I just refactored a 10kLOC codebase to work with AD. It had a lot of preallocation, which turned out to be a rather useless and premature optimization that gained me about 3% in v1.2 and even less in v1.3-pre.

I now think that for small arrays, StaticArrays is the answer, and for large ones, the allocation is not worth optimizing, because it is so tedious and the same effort spent on the algorithm usually has a much higher yield.
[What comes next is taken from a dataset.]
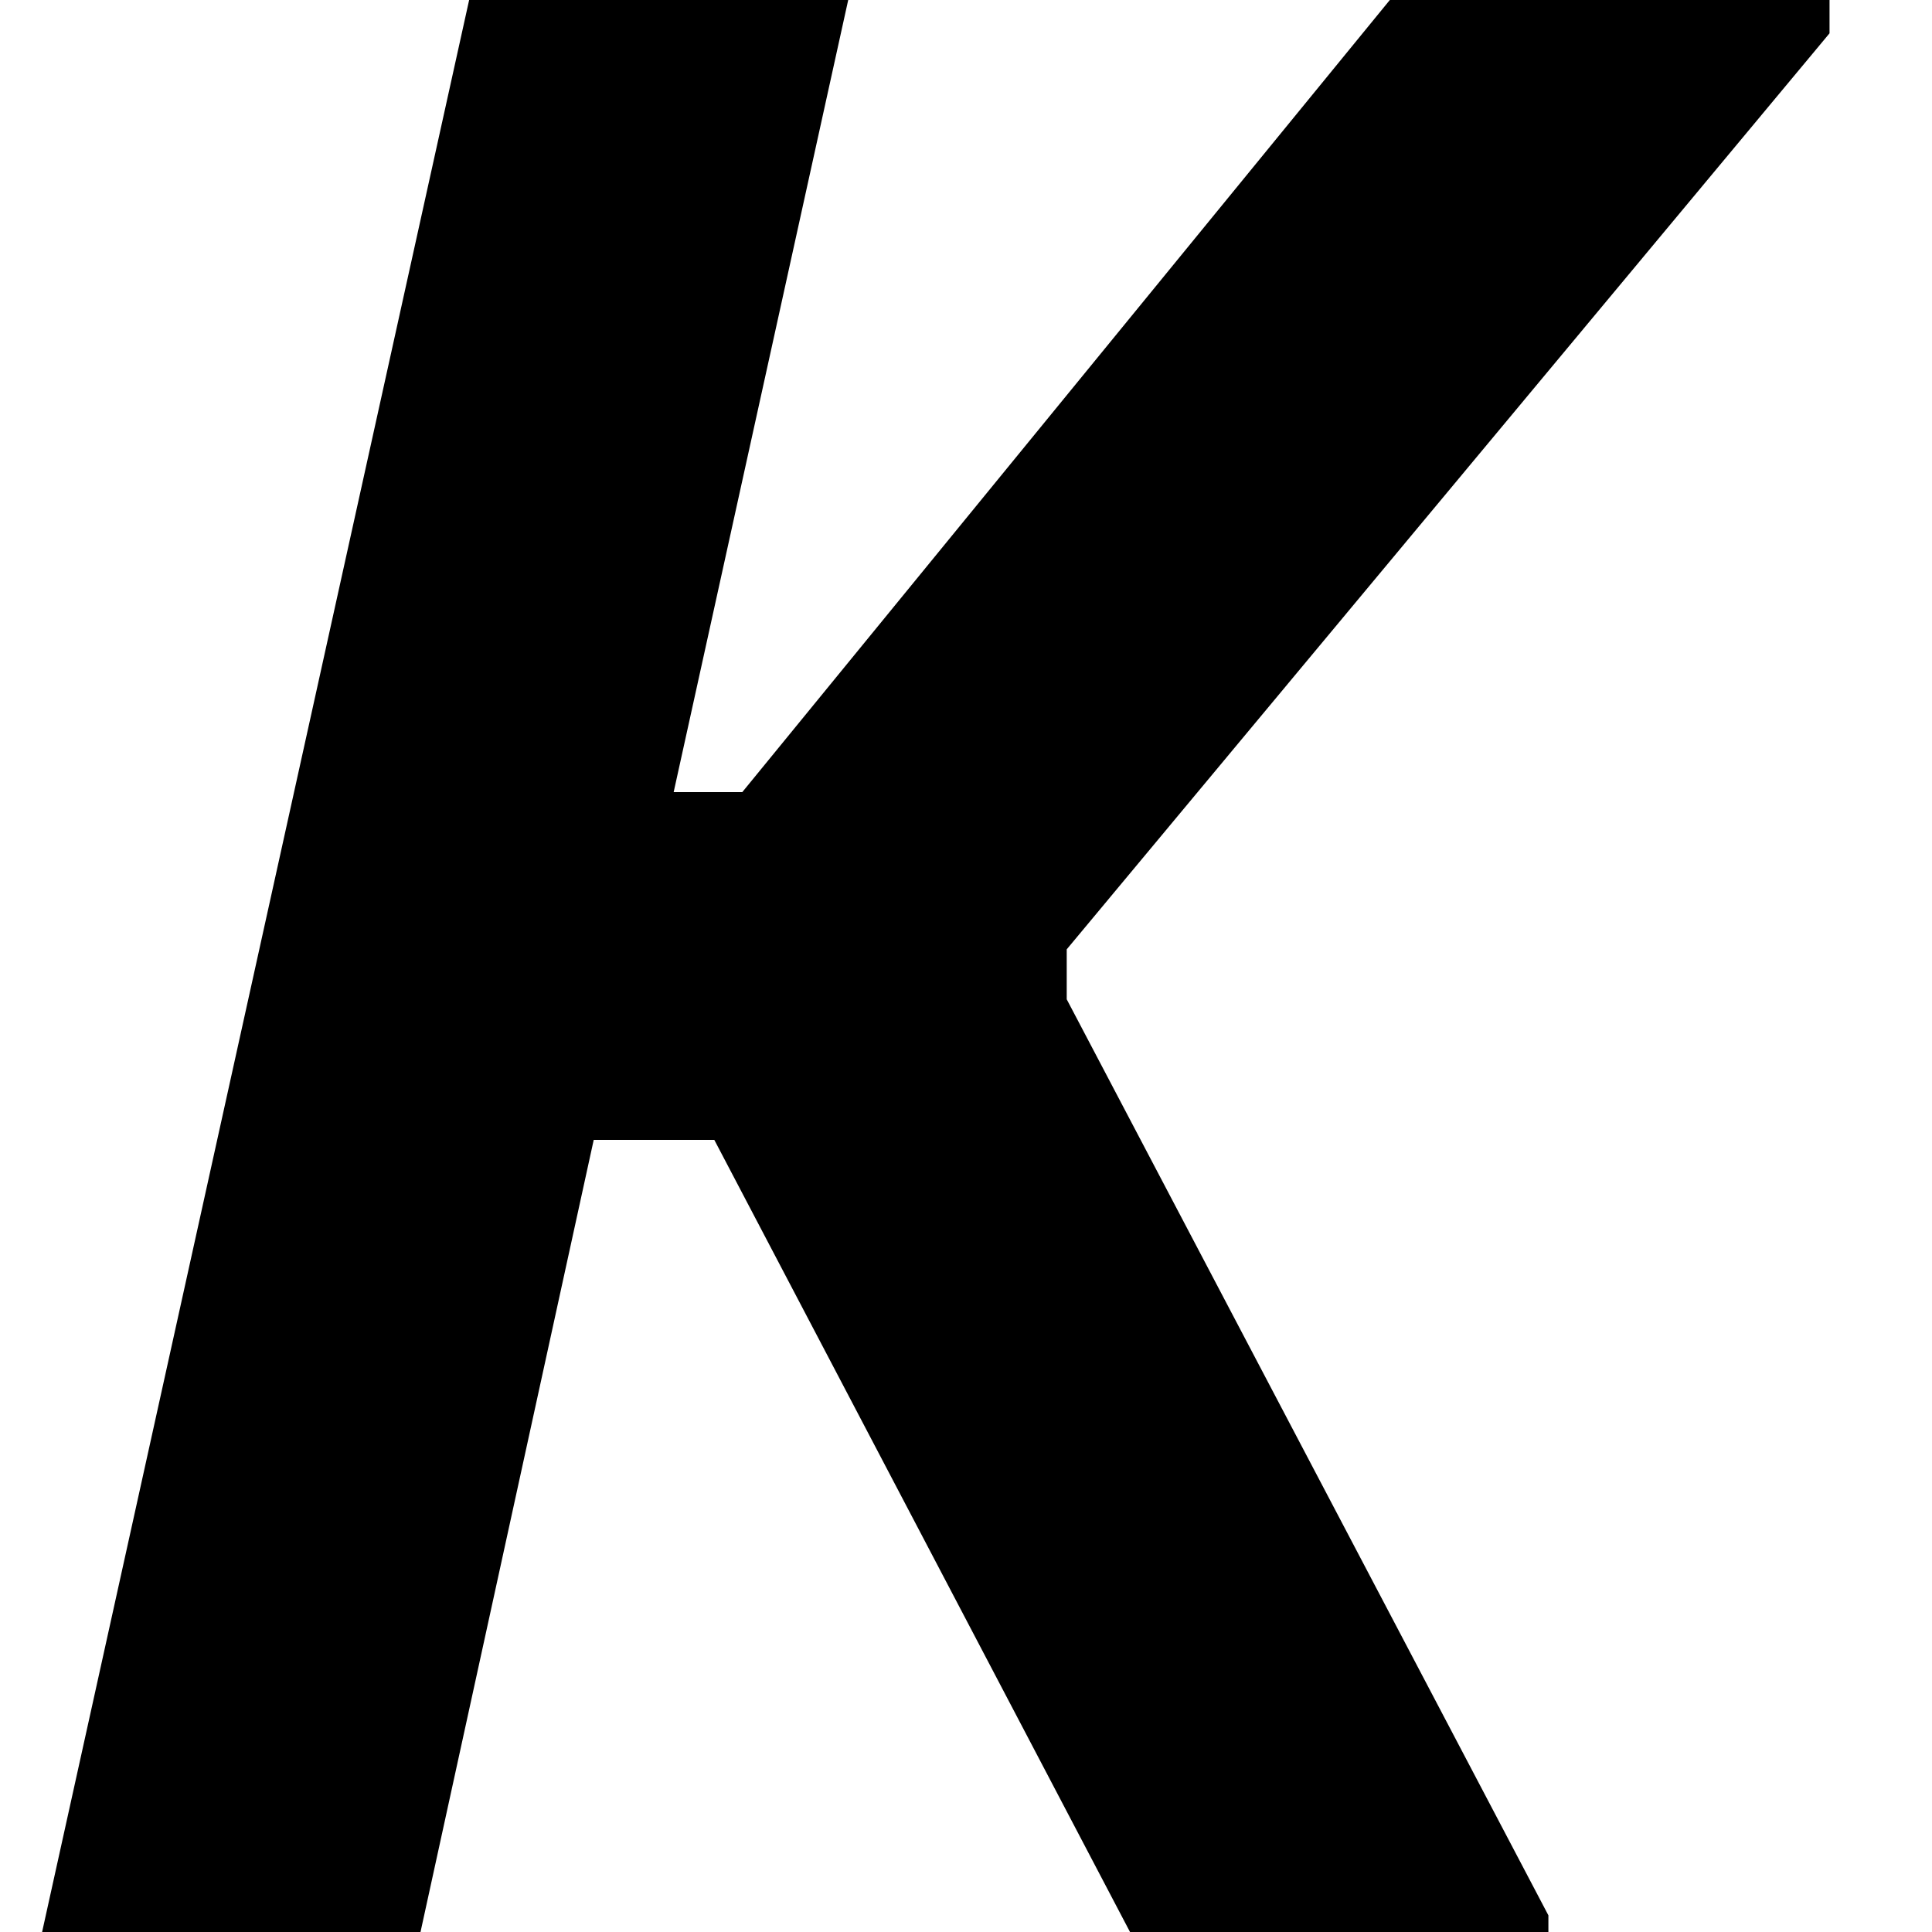 <svg xmlns="http://www.w3.org/2000/svg" xml:space="preserve" width="29" height="29" overflow="hidden"><defs><clipPath id="a"><path d="M323 229h29v29h-29z"/></clipPath></defs><g clip-path="url(#a)" transform="translate(-323 -229)"><path d="M329.312 258h-5.68l6.41-29h5.69l-2.62 11.89h1.03l9.72-11.89h6.6v.5l-11.45 13.75v.75l7.23 13.75v.25h-6.28l-6.24-11.89h-1.81zm58.04-28.5-14.49 21.59-1.52 6.91h-5.69l1.59-7.33-5.39-21.67h6.03l3.27 13.84h.78l9.22-13.84h6.2zm8.969-.5h5.77l.98 26.27h.78L415.41 229h5.95v.5L408.37 258h-10.59zm33.16 28.5 6.289-28.5h17.86v5.22h-13.35l-1.43 6.63h11.67v5.22h-12.86l-1.49 6.71h12.72V258h-19.419z"/></g></svg>
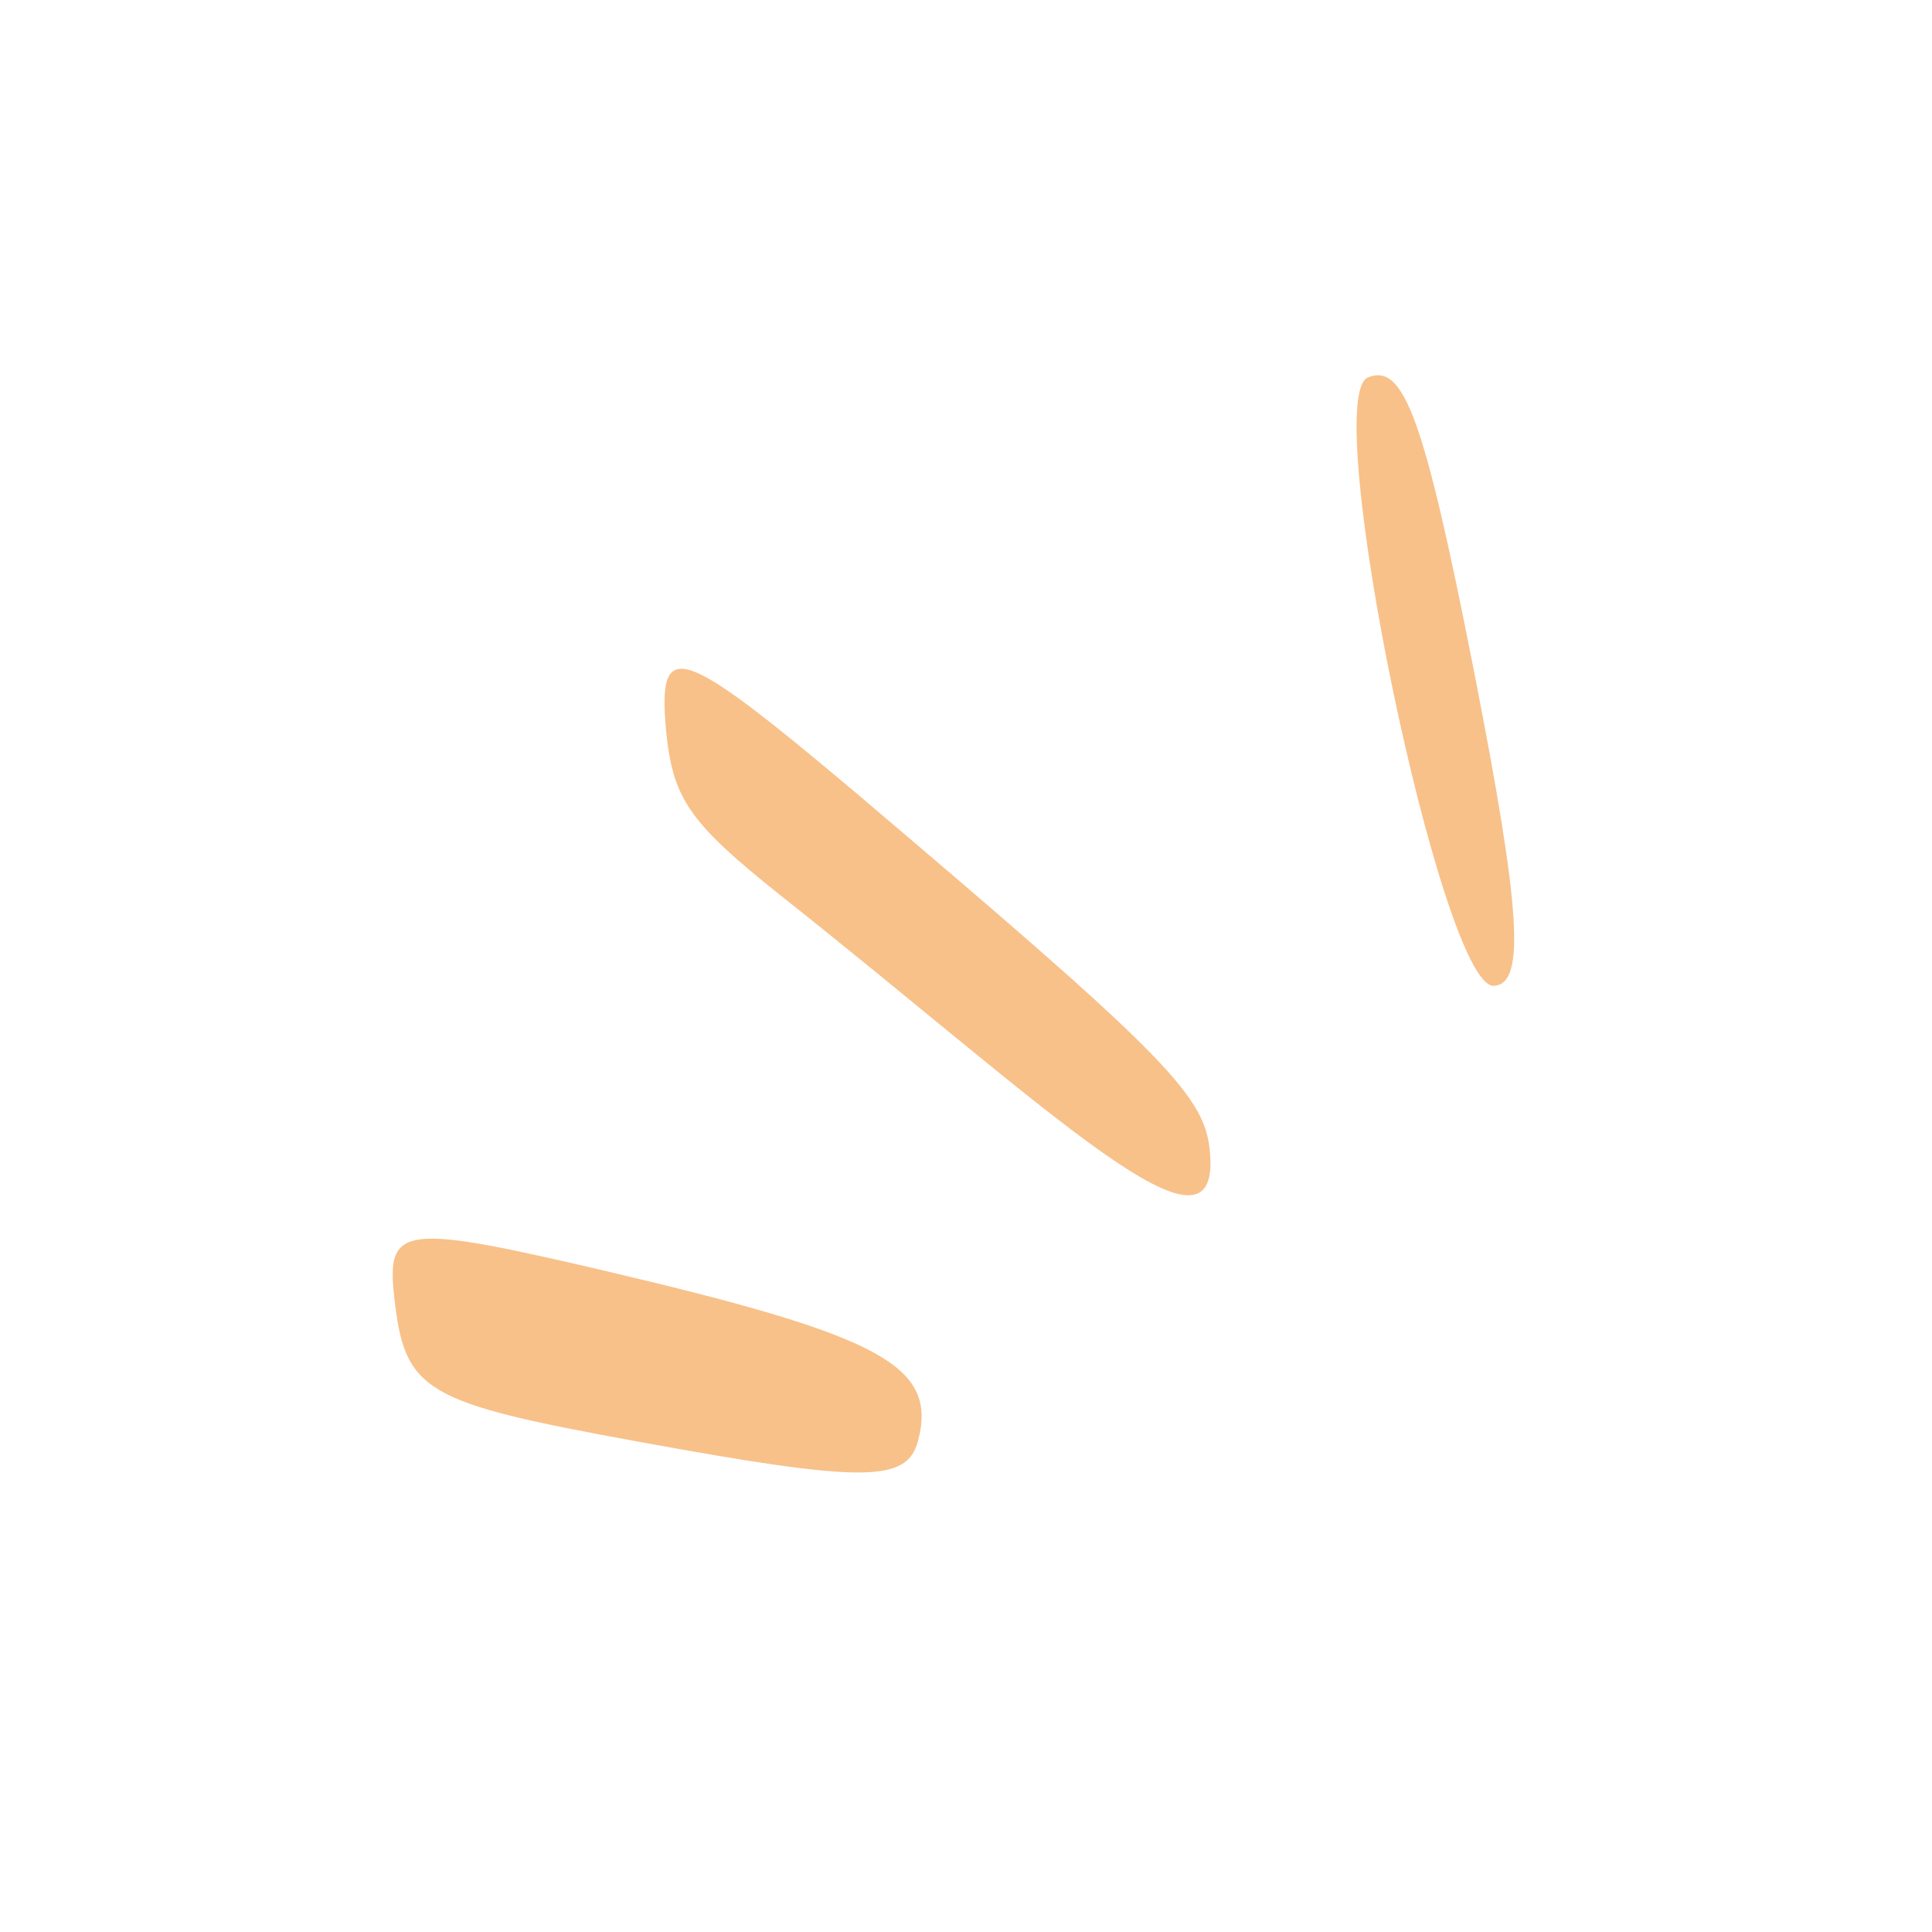 <?xml version="1.0" encoding="UTF-8"?> <svg xmlns="http://www.w3.org/2000/svg" width="65" height="65" viewBox="0 0 65 65" fill="none"><g clip-path="url(#clip0_591_1196)"><path d="M50.249 33.167C51.334 33.127 51.171 30.641 49.589 22.572C47.909 14.031 47.228 12.208 46.022 12.698C44.372 13.391 48.494 33.188 50.249 33.167Z" fill="#F8C189"></path><path d="M13.26 43.599C13.612 46.827 14.211 47.181 21.525 48.512C29.079 49.895 30.508 49.879 30.884 48.485C31.556 45.954 29.673 44.947 20.416 42.771C13.585 41.169 12.999 41.218 13.26 43.599Z" fill="#F8C189"></path><path d="M22.406 24.549C22.629 26.872 23.182 27.667 26.232 30.102C35.306 37.29 41.218 43.145 40.693 38.63C40.492 36.786 38.943 35.276 28.608 26.515C22.872 21.699 22.128 21.438 22.406 24.549Z" fill="#F8C189"></path></g><defs><clipPath id="clip0_591_1196"><rect width="46.629" height="46.629" fill="white" transform="translate(25.261 64.453) rotate(-122.802)"></rect></clipPath></defs></svg>

Also, I am wondering if seeing all that preallocated array code is helpful to beginners. It can squeeze out that extra 5–10%, which sometimes matters, but it is not in the top 5 things I would optimize about my Julia code these days, and in turn it causes a lot of issues like this one. My 2 cents.

4 Likes

What if I treat “stack” as a “vector”, that I want the gradient of, then just forget about it ?
i.e. make it a subtype of AbstractArray so that I can AD through it,
or more simply,

``````Y = [stack, rand(10)]
g = Y -> ForwardDiff.gradient(Y -> f(Y, 1), Y)
f(Y, 1)
g(Y)
``````

You can also do stuff like Nested ForwardDiff.jacobian calls with inplace function.

That’s not how it works (as am I sure you saw when you tried), since `stack` will not support the types and operations required by ForwardDiff.